_What you have to do_
For the data below, give the number of lines in which "white" occurs. Include nothing besides that number.

_Supplied material_
◆ ◆ ◆ ◆ ◆ ◆ ◆

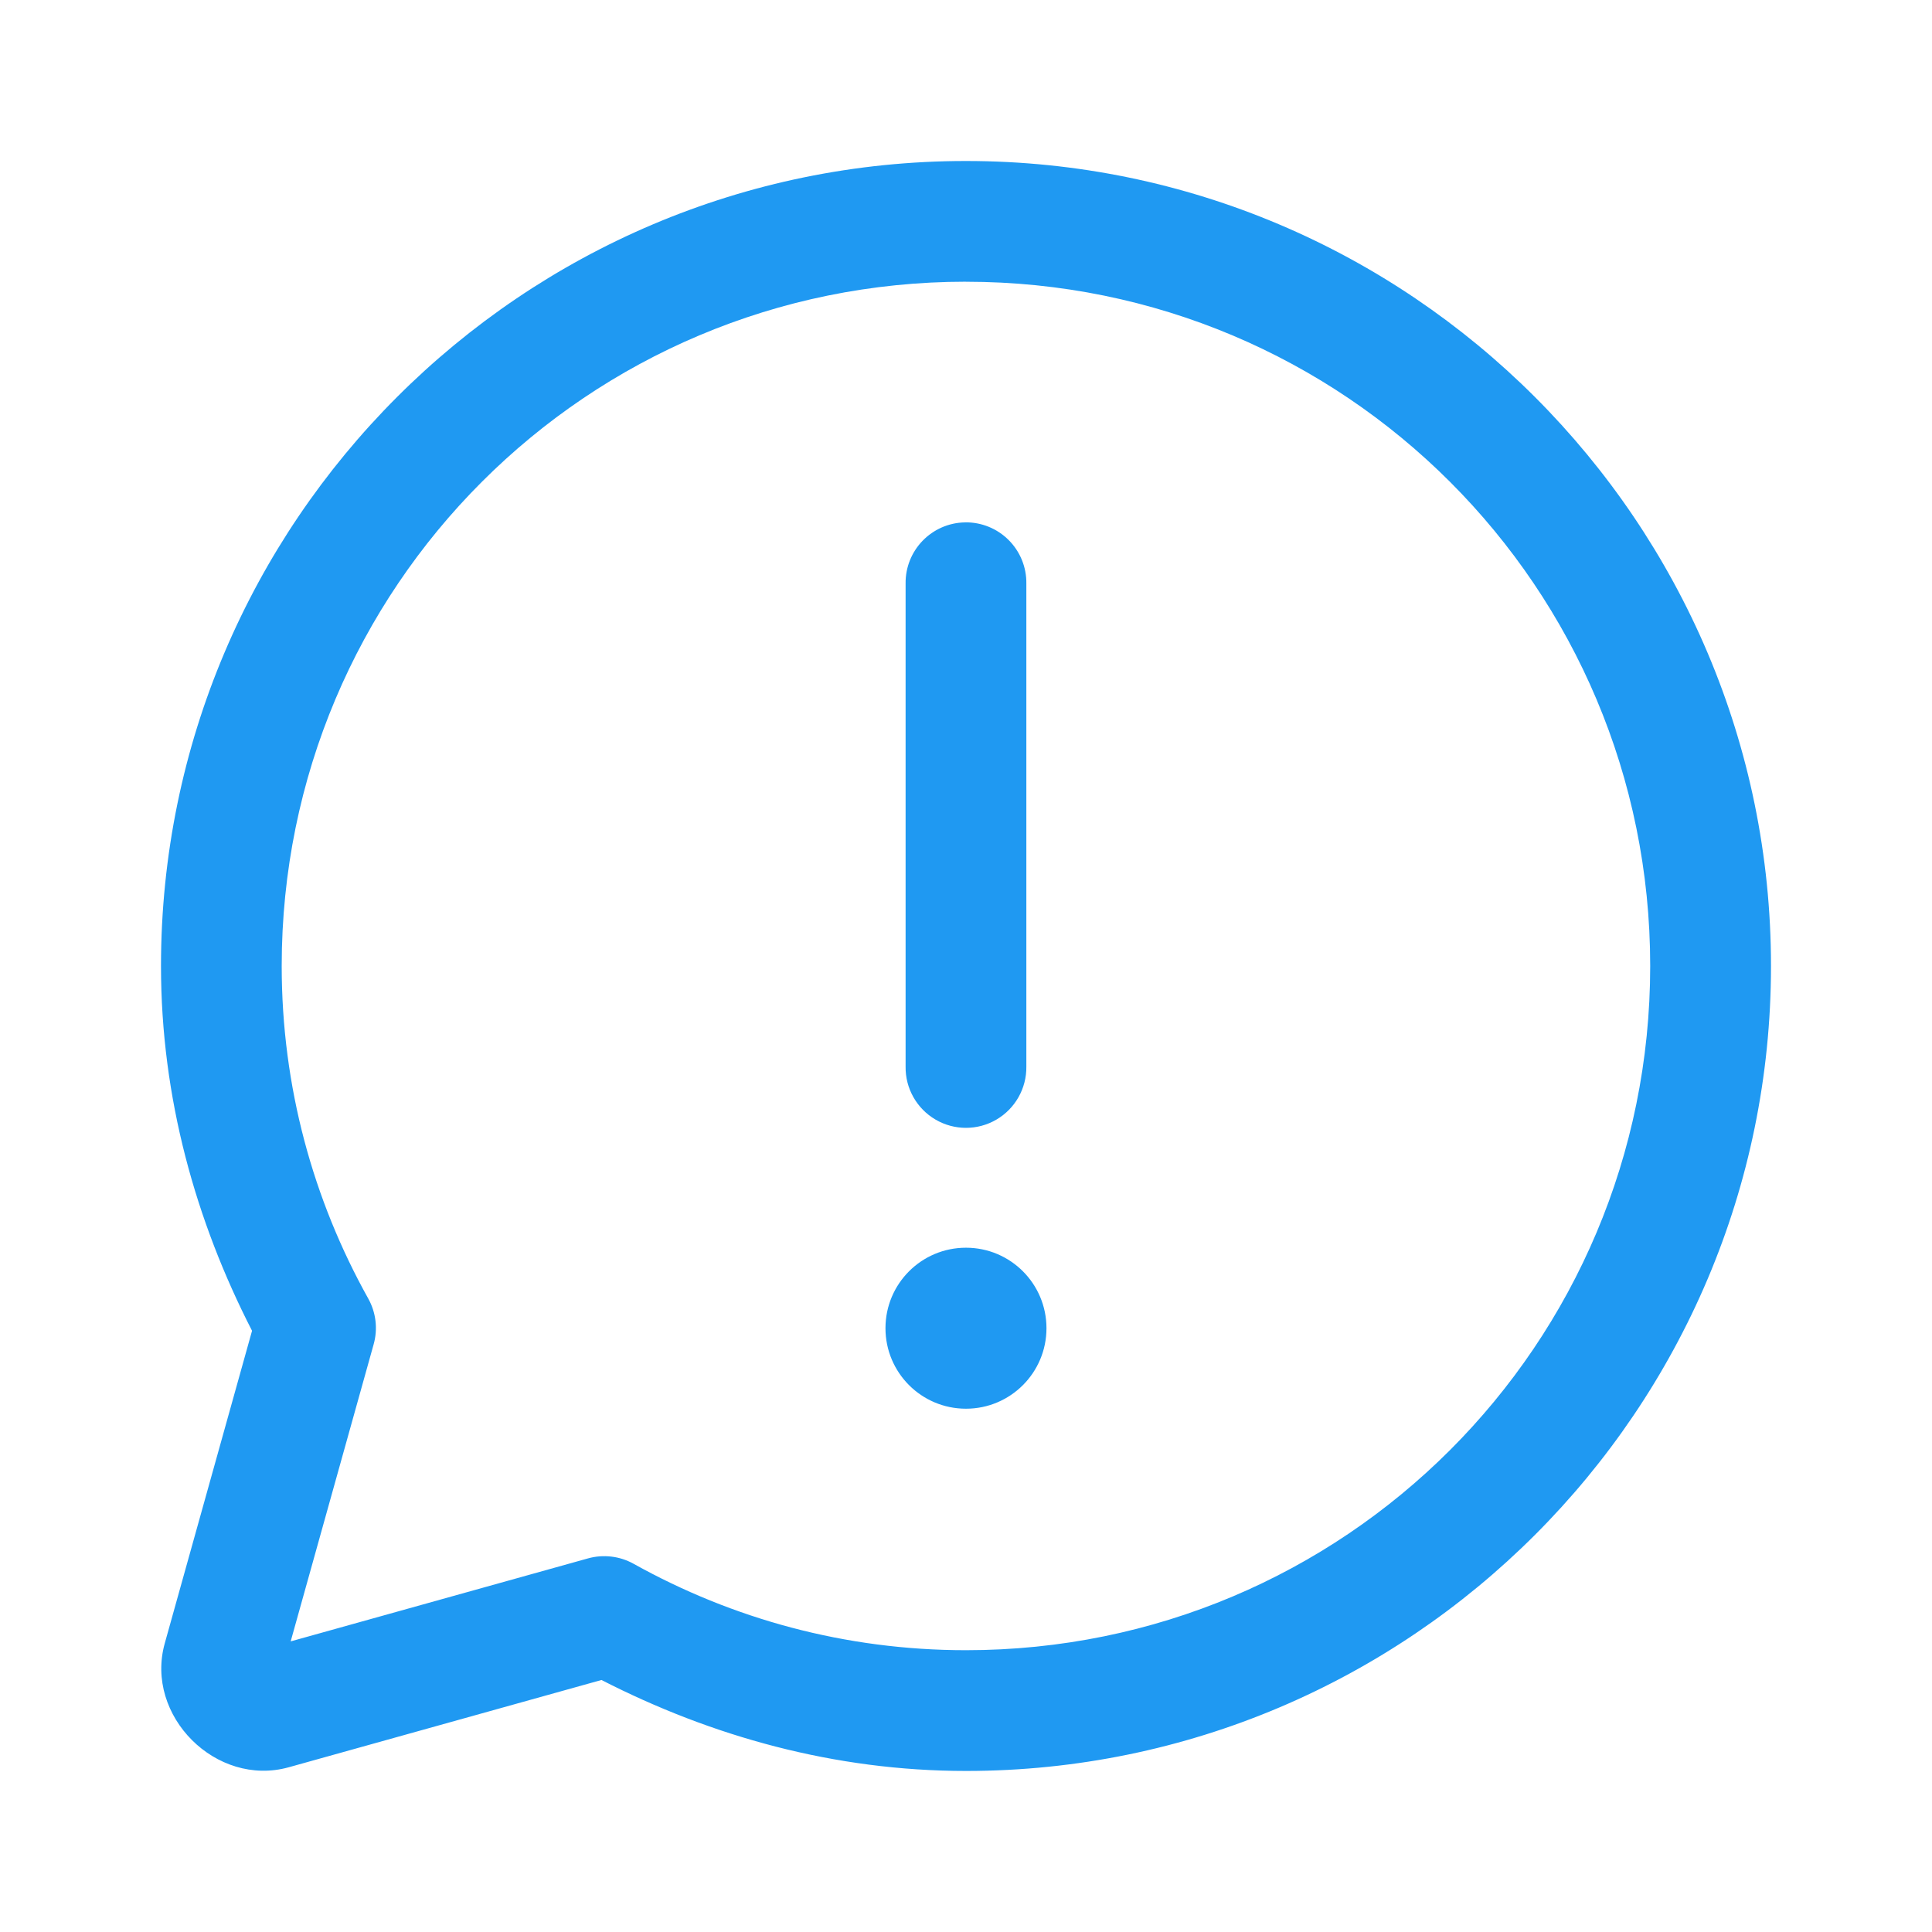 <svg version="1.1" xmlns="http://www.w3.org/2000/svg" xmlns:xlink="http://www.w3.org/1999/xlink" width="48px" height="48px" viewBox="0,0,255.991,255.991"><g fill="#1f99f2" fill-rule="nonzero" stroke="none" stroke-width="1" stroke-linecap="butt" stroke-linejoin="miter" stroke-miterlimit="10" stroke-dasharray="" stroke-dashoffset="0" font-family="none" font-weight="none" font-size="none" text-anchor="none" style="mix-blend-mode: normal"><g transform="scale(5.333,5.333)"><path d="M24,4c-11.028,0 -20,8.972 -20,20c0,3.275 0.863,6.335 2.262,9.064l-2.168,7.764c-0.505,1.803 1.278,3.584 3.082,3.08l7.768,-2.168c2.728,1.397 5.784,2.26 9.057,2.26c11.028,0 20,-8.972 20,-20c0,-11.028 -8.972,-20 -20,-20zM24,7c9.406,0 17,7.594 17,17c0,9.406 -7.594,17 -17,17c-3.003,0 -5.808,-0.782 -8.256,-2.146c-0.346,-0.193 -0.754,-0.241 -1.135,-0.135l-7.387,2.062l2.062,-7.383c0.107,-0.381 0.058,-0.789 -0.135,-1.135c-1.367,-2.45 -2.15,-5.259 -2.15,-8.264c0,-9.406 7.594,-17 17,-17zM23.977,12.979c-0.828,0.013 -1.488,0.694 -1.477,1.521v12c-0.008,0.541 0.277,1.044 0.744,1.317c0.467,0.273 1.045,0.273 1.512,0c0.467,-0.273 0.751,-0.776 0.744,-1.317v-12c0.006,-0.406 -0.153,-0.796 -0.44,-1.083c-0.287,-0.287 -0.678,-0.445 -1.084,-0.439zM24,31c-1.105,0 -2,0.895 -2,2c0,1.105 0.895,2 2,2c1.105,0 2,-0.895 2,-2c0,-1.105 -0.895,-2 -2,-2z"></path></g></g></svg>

◆ ◆ ◆ ◆ ◆ ◆ ◆

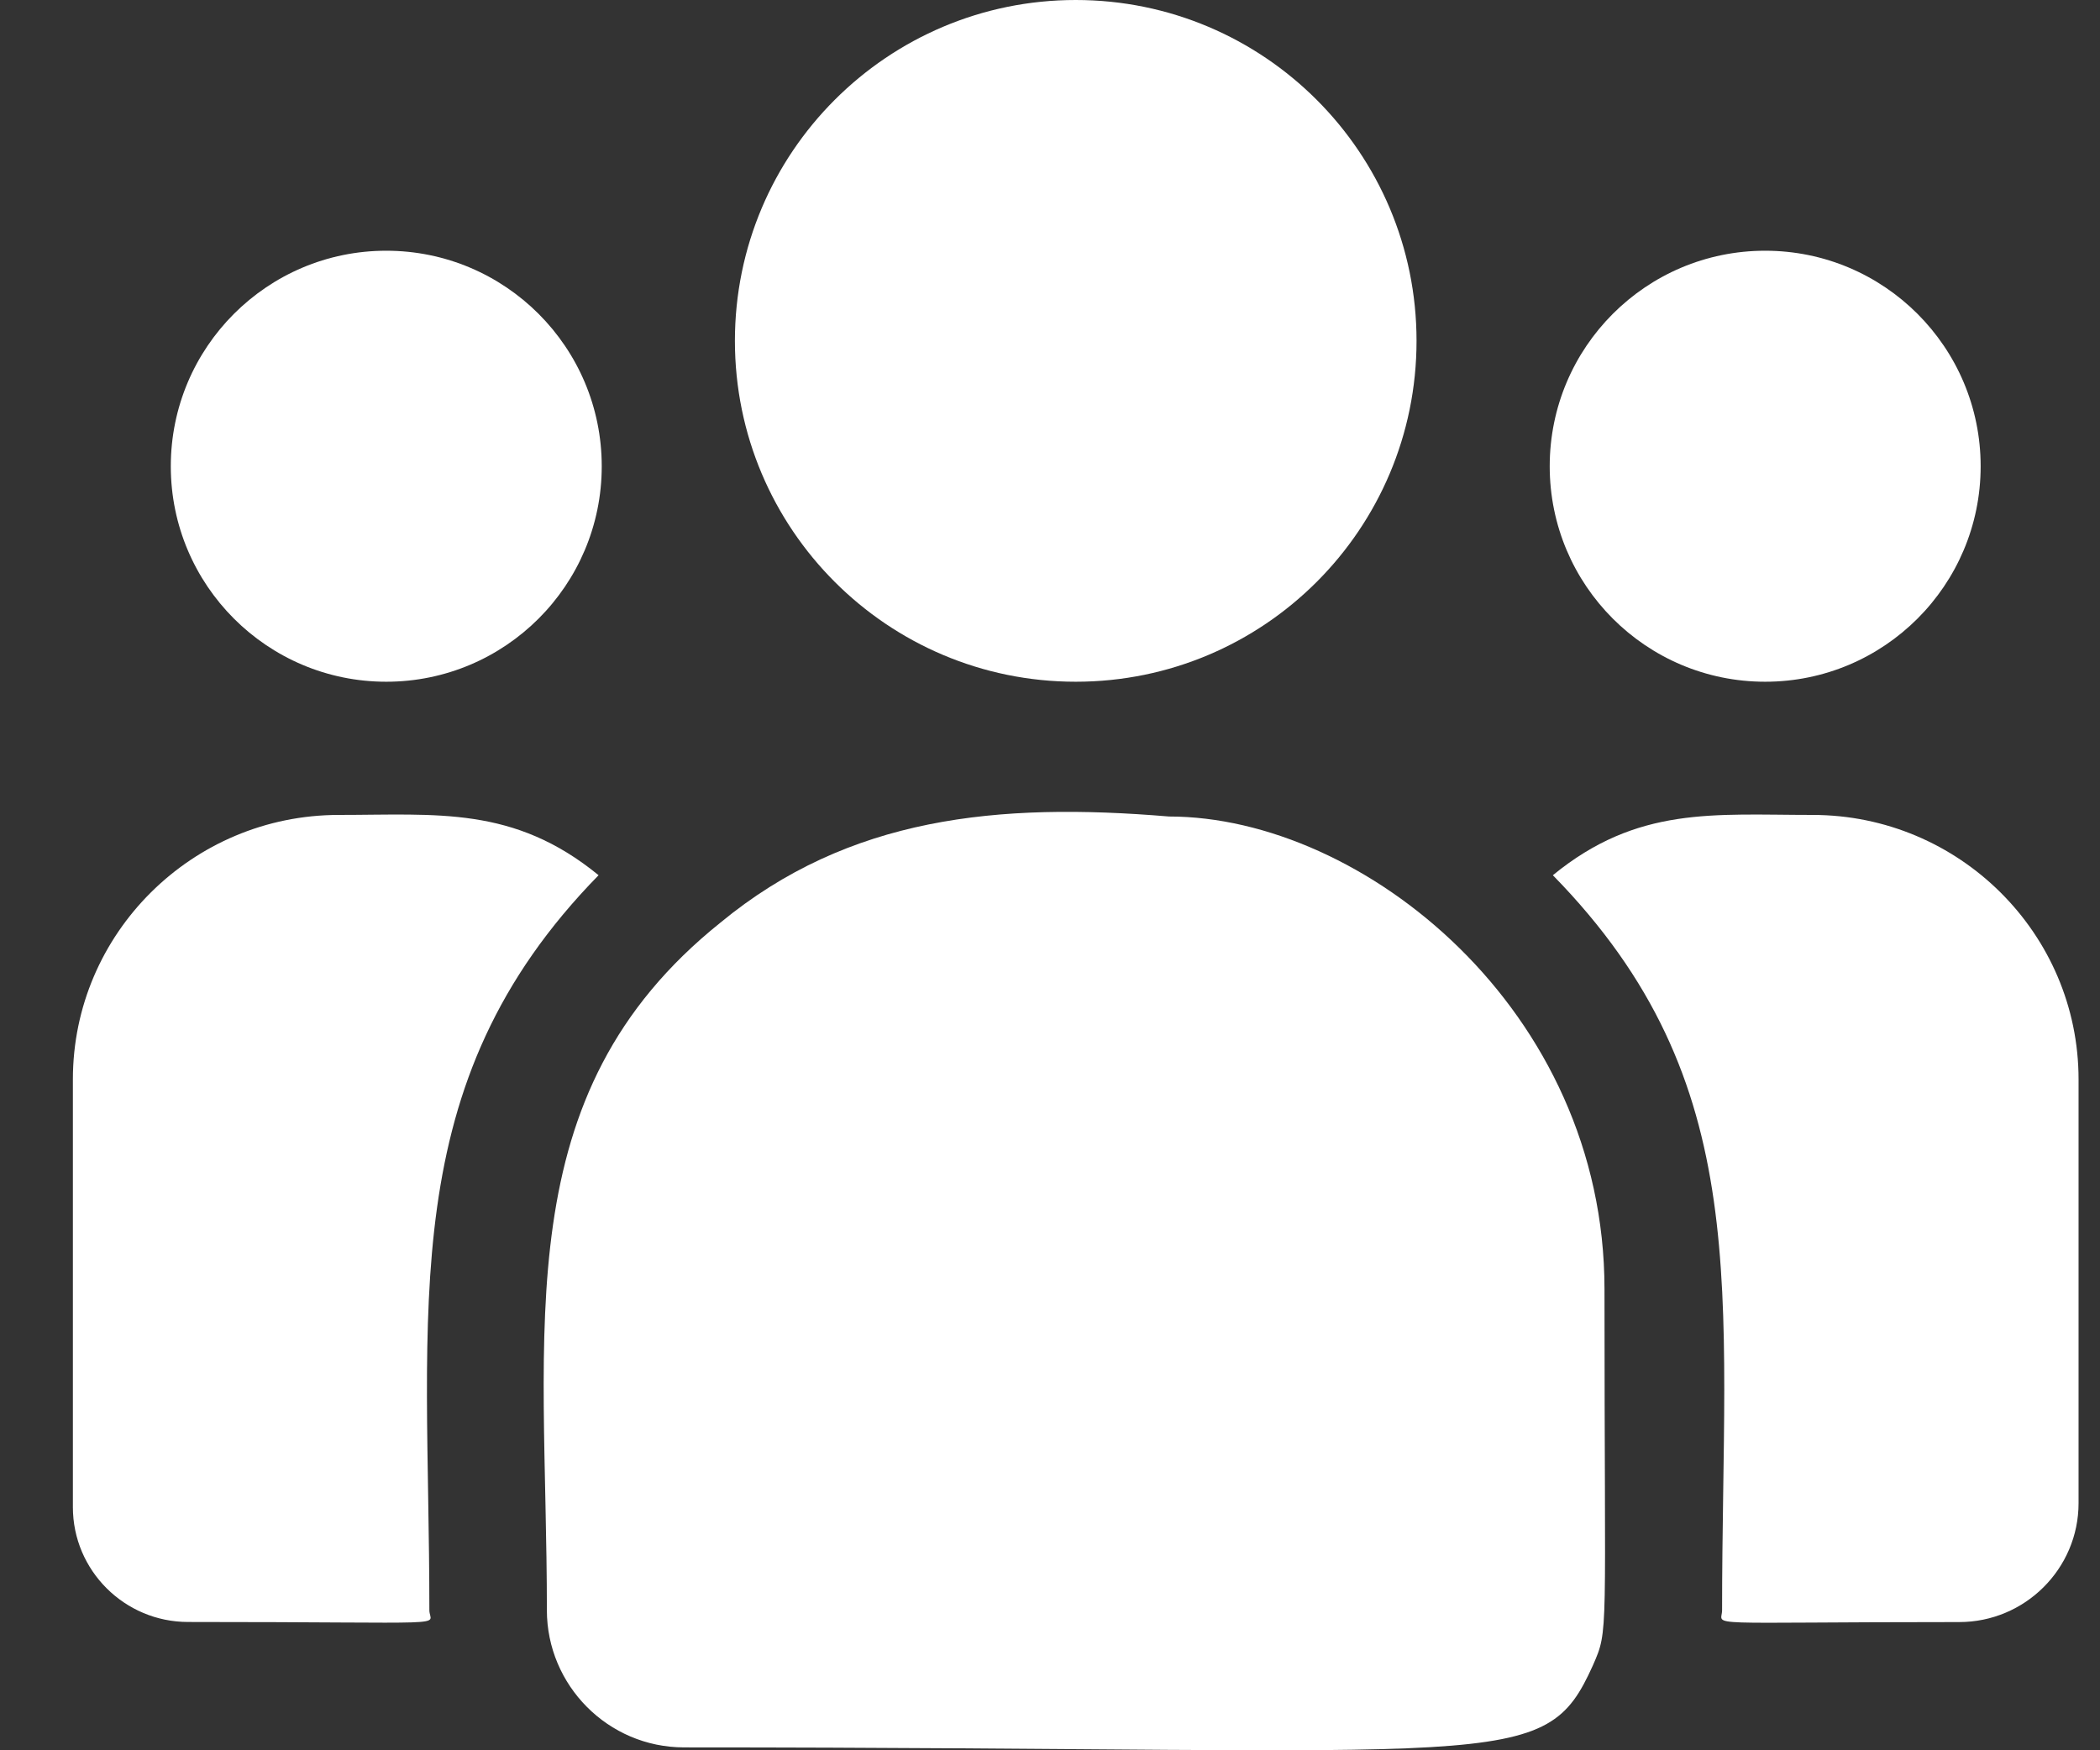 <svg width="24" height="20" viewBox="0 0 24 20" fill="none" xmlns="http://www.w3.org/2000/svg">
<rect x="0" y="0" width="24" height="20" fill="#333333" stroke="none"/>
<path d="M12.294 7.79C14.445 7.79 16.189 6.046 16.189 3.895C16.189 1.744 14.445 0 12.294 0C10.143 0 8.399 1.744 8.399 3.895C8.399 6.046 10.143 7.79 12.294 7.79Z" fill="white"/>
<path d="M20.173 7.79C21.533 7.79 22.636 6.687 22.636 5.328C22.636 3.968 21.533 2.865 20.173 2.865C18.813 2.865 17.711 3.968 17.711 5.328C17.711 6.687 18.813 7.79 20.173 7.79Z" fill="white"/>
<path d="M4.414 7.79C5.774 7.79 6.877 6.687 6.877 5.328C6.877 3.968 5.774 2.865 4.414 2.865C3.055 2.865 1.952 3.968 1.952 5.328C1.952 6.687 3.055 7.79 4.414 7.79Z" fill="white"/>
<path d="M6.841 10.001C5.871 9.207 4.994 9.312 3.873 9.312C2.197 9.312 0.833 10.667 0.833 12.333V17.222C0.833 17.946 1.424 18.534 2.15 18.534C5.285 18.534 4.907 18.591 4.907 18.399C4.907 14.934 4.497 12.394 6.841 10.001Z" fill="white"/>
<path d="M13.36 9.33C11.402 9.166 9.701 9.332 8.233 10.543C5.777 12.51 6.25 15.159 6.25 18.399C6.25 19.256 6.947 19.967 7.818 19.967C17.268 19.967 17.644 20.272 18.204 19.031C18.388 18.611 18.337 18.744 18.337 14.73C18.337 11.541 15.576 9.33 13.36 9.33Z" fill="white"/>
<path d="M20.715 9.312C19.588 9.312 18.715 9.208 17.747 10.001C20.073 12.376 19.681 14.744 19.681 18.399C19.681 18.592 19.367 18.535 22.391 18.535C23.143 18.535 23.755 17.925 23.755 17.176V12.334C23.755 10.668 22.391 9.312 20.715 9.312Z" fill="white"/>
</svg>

◆ ◆ ◆ ◆ ◆ ◆ ◆

_Response to this exercise_
6